--- START ---
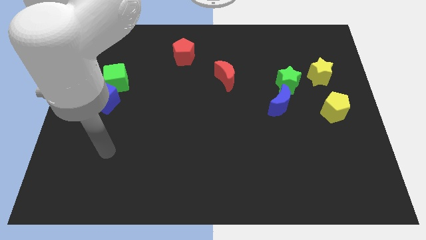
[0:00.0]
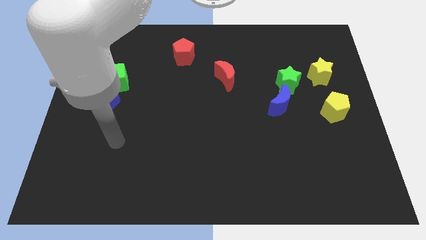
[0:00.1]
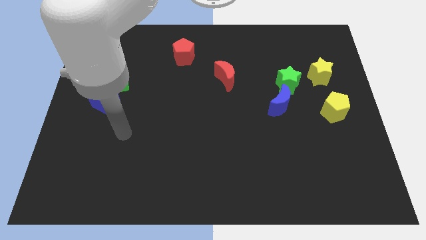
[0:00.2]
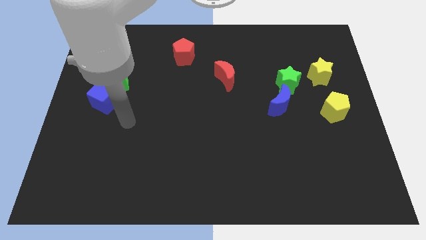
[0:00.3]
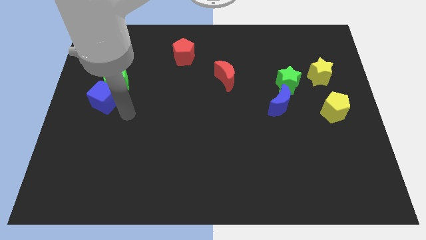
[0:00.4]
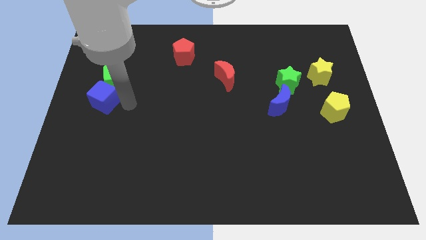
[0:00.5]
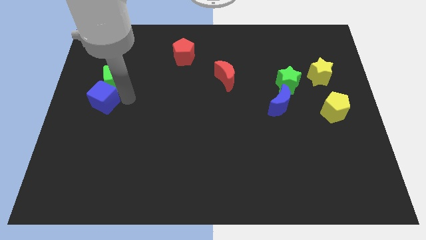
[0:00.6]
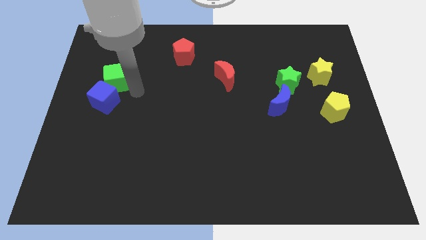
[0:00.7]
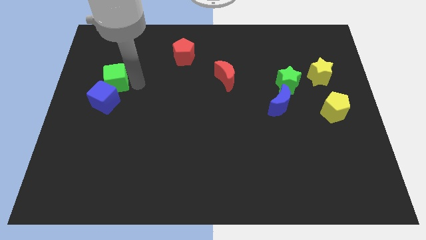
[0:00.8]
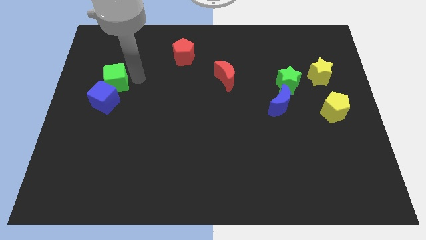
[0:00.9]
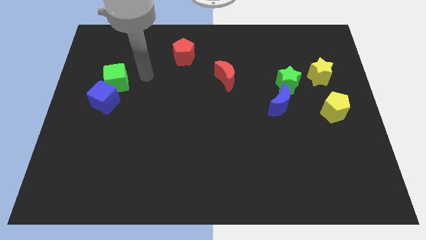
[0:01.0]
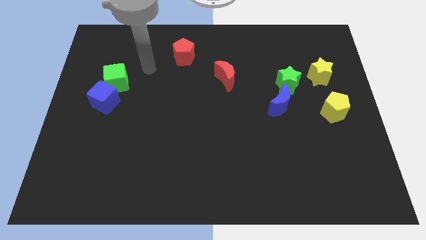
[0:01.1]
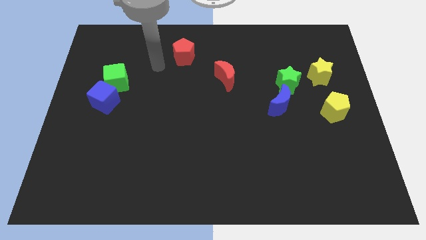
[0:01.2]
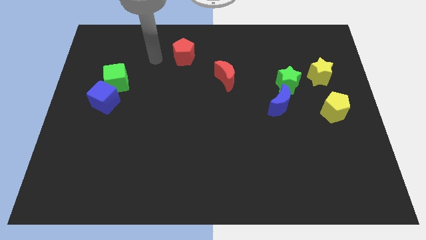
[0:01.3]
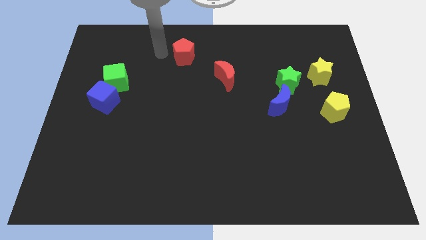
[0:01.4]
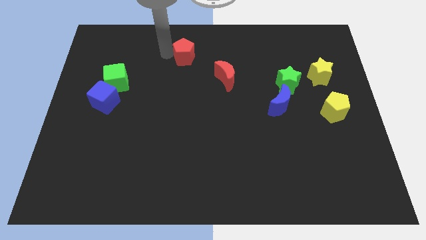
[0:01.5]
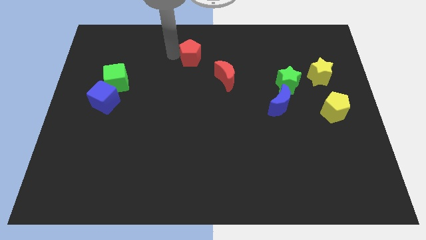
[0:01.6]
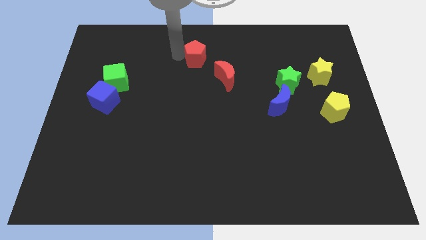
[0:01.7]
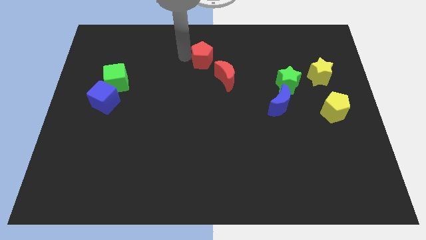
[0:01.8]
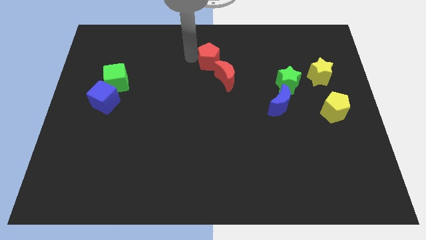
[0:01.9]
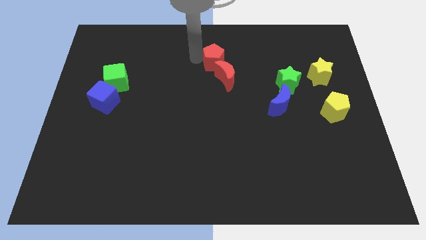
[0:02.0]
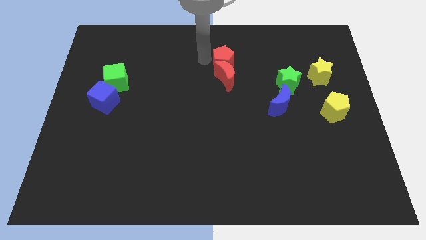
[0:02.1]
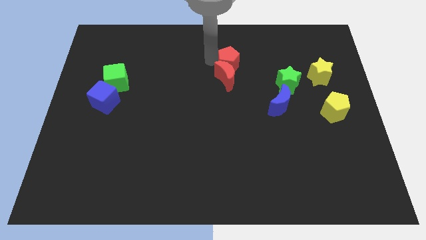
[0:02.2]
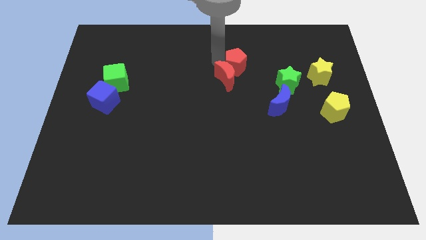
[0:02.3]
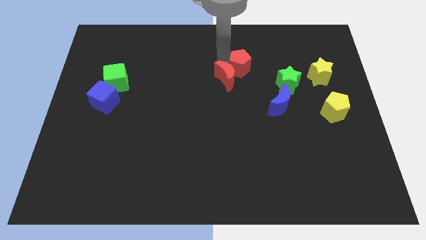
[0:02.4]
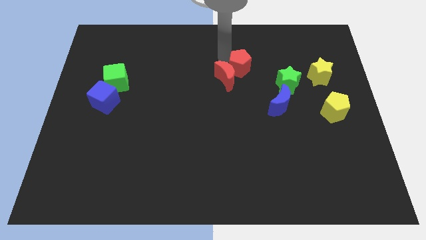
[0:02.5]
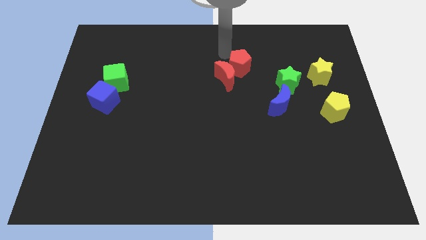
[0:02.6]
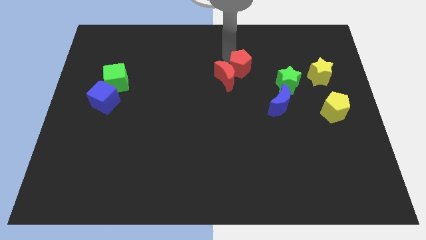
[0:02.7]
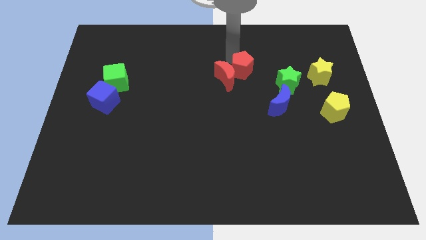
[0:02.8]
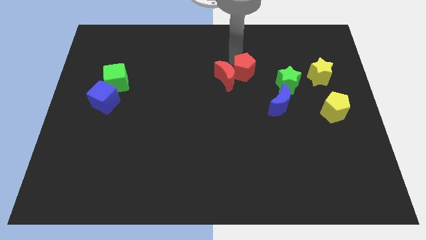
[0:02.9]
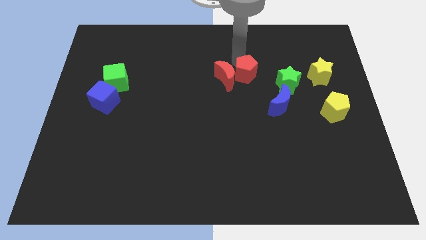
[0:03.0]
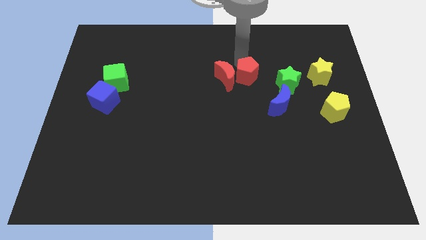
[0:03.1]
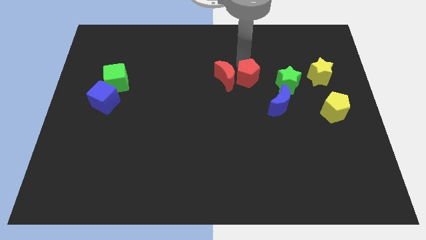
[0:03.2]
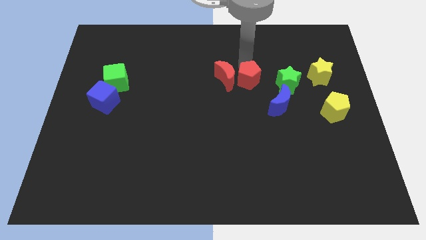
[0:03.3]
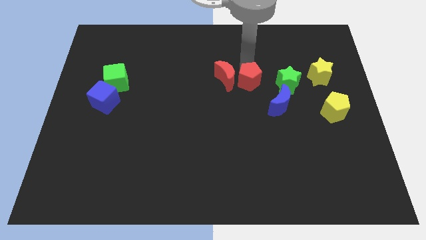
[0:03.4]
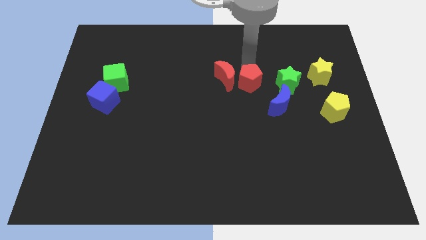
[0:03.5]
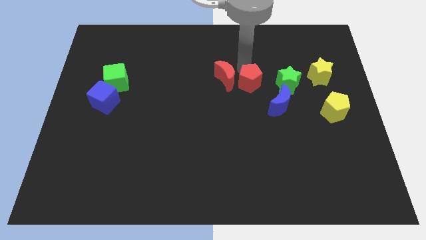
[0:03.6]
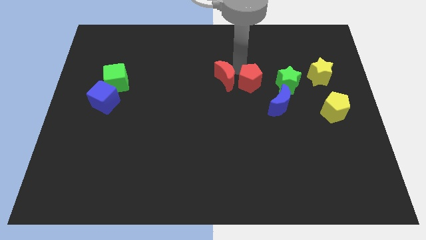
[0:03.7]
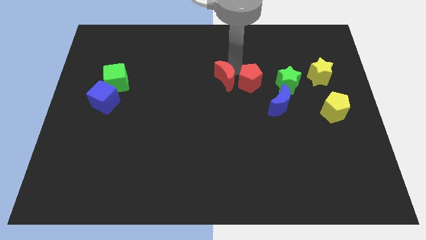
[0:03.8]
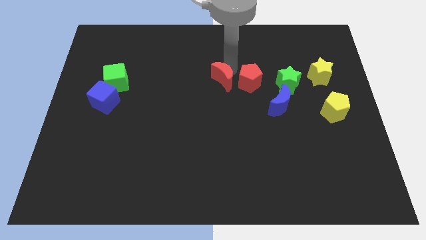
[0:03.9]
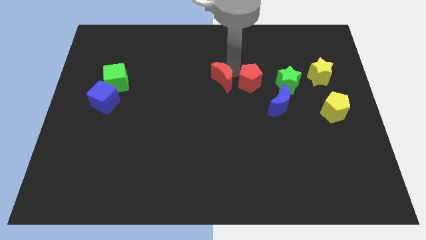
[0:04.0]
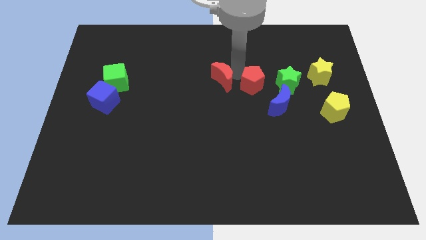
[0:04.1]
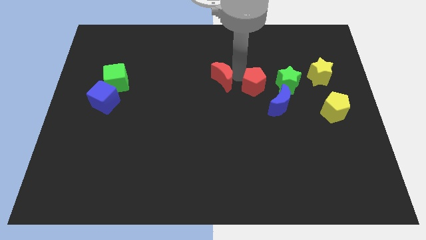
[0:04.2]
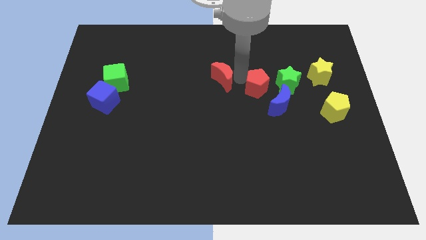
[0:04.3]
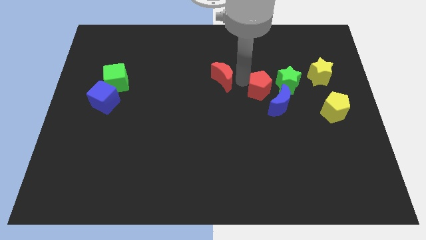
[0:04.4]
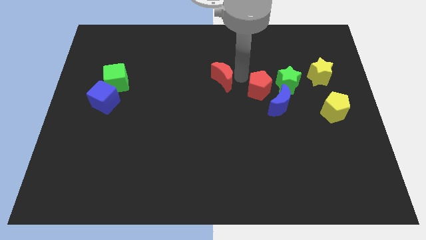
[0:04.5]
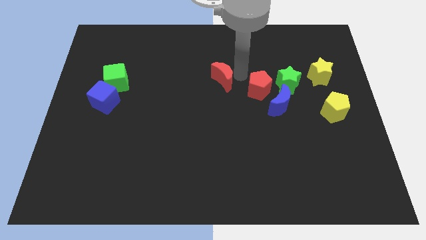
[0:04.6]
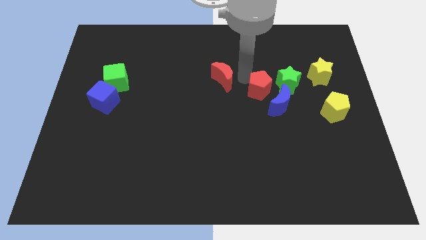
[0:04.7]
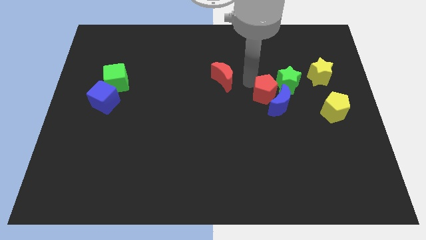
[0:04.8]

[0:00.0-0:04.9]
move the red pentagon to the blue moon
--- END ---
Goal of the exercise:
The records above need to be given again exactly. Omit the pictures.

Task result:
[0:00.0]
[0:00.1]
[0:00.2]
[0:00.3]
[0:00.4]
[0:00.5]
[0:00.6]
[0:00.7]
[0:00.8]
[0:00.9]
[0:01.0]
[0:01.1]
[0:01.2]
[0:01.3]
[0:01.4]
[0:01.5]
[0:01.6]
[0:01.7]
[0:01.8]
[0:01.9]
[0:02.0]
[0:02.1]
[0:02.2]
[0:02.3]
[0:02.4]
[0:02.5]
[0:02.6]
[0:02.7]
[0:02.8]
[0:02.9]
[0:03.0]
[0:03.1]
[0:03.2]
[0:03.3]
[0:03.4]
[0:03.5]
[0:03.6]
[0:03.7]
[0:03.8]
[0:03.9]
[0:04.0]
[0:04.1]
[0:04.2]
[0:04.3]
[0:04.4]
[0:04.5]
[0:04.6]
[0:04.7]
[0:04.8]

[0:00.0-0:04.9]
move the red pentagon to the blue moon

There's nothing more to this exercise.